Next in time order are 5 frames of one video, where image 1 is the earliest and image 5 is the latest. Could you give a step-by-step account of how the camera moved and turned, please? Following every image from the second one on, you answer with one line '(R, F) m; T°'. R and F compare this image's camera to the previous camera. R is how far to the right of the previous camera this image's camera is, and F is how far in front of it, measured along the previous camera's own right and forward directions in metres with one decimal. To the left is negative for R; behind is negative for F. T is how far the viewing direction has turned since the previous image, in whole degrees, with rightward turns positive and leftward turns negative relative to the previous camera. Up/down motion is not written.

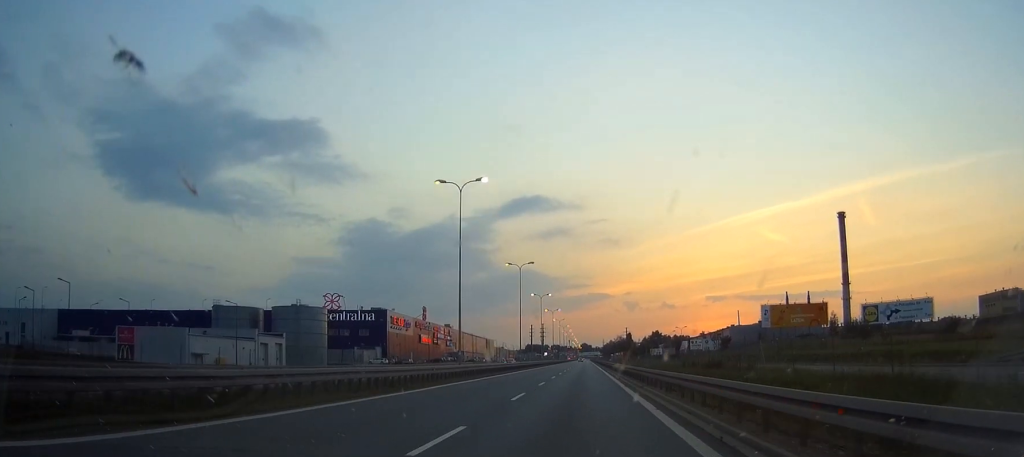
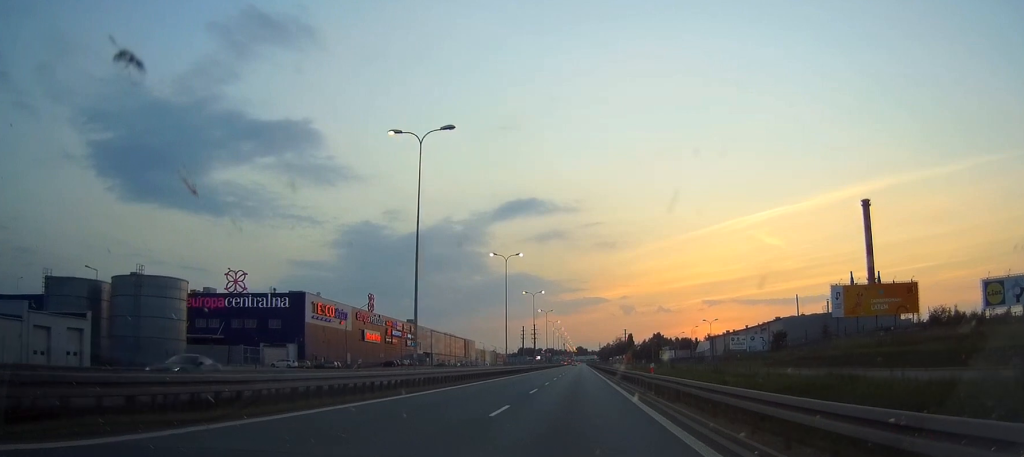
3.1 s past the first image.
(0.0, +54.0) m; 0°
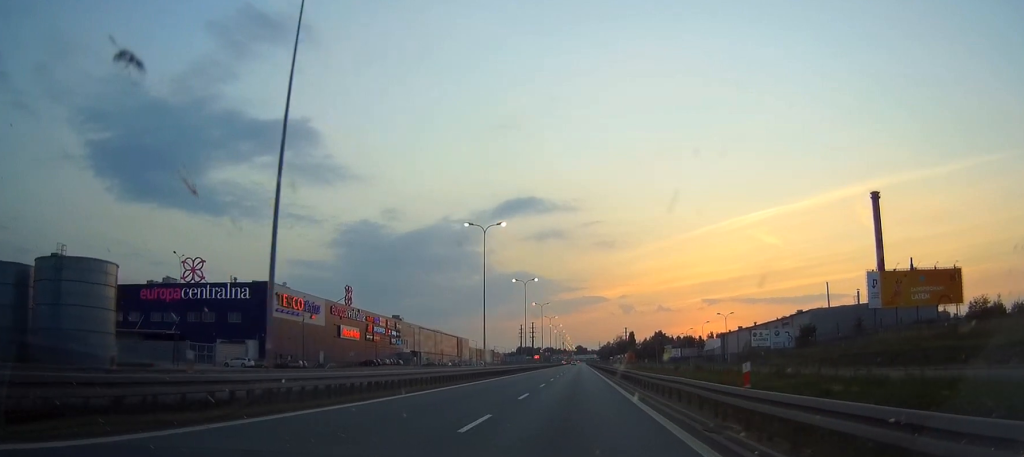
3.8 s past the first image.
(0.0, +11.5) m; 0°
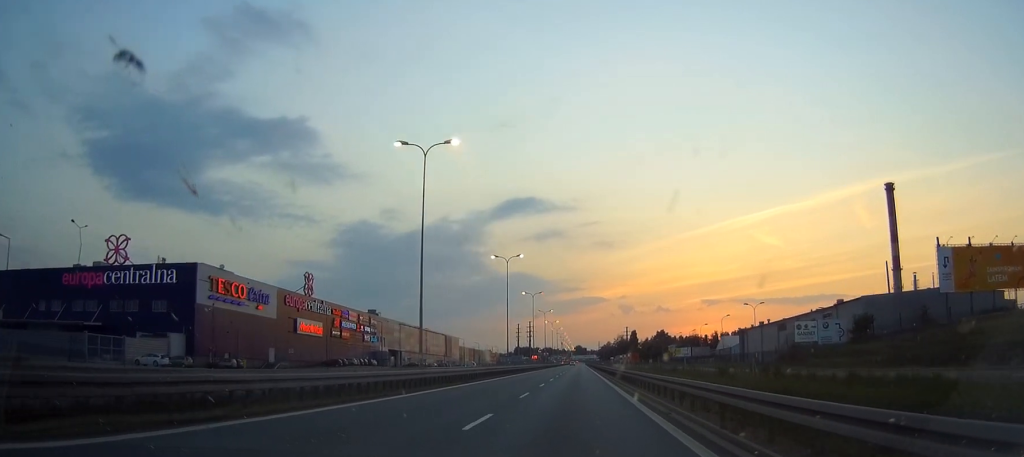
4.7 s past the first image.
(0.0, +16.0) m; 0°
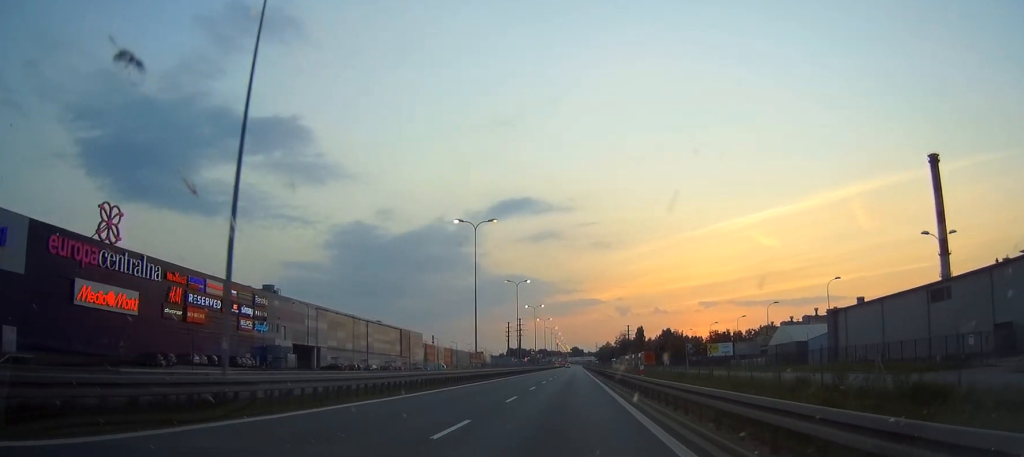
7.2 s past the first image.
(0.0, +42.3) m; 0°
+++
▶ Problem description
Exact text is required for the lines from the one with "3.1 s past the first image." through the last line of the entries, both included. Omit pictures.

▶ Solution for this problem
3.1 s past the first image.
(0.0, +54.0) m; 0°
3.8 s past the first image.
(0.0, +11.5) m; 0°
4.7 s past the first image.
(0.0, +16.0) m; 0°
7.2 s past the first image.
(0.0, +42.3) m; 0°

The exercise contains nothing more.